THE TASK:
Wherever "ROWSPAN" appears in a line of the listing, report that line.

DATASET CONTENT:
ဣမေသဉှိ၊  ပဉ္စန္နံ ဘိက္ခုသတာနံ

==

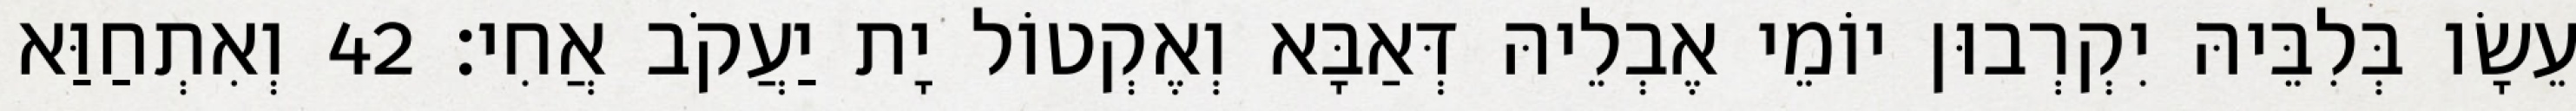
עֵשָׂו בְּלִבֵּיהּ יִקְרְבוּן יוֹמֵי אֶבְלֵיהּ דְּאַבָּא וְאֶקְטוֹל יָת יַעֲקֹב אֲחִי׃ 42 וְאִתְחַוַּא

* * *

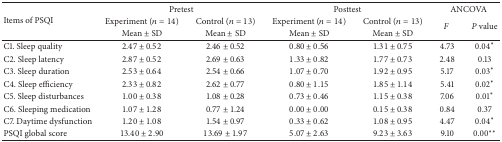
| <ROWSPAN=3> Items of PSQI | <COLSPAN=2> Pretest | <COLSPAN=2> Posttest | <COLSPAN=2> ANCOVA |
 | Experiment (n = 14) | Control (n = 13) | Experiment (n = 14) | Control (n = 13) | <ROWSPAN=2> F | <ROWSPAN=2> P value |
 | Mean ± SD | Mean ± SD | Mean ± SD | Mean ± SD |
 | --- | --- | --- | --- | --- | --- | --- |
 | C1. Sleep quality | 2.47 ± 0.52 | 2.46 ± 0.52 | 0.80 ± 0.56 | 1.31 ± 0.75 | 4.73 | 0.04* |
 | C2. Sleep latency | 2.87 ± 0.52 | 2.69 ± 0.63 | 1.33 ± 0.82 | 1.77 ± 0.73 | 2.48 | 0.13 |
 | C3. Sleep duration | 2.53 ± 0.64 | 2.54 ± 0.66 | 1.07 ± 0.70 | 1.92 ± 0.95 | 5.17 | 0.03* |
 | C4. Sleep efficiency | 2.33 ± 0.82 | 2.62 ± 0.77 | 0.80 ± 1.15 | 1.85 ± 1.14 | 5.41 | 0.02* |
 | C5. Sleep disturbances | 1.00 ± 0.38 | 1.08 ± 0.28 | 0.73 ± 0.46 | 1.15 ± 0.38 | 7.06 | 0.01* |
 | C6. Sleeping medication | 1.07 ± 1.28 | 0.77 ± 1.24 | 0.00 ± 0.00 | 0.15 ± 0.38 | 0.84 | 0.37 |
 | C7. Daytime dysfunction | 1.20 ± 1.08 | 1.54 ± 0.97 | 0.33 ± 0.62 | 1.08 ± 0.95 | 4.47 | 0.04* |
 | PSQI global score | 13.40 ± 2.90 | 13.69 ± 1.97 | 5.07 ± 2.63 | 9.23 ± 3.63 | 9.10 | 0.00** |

ANSWER BOX:
| <ROWSPAN=3> Items of PSQI | <COLSPAN=2> Pretest | <COLSPAN=2> Posttest | <COLSPAN=2> ANCOVA |
 | Experiment (n = 14) | Control (n = 13) | Experiment (n = 14) | Control (n = 13) | <ROWSPAN=2> F | <ROWSPAN=2> P value |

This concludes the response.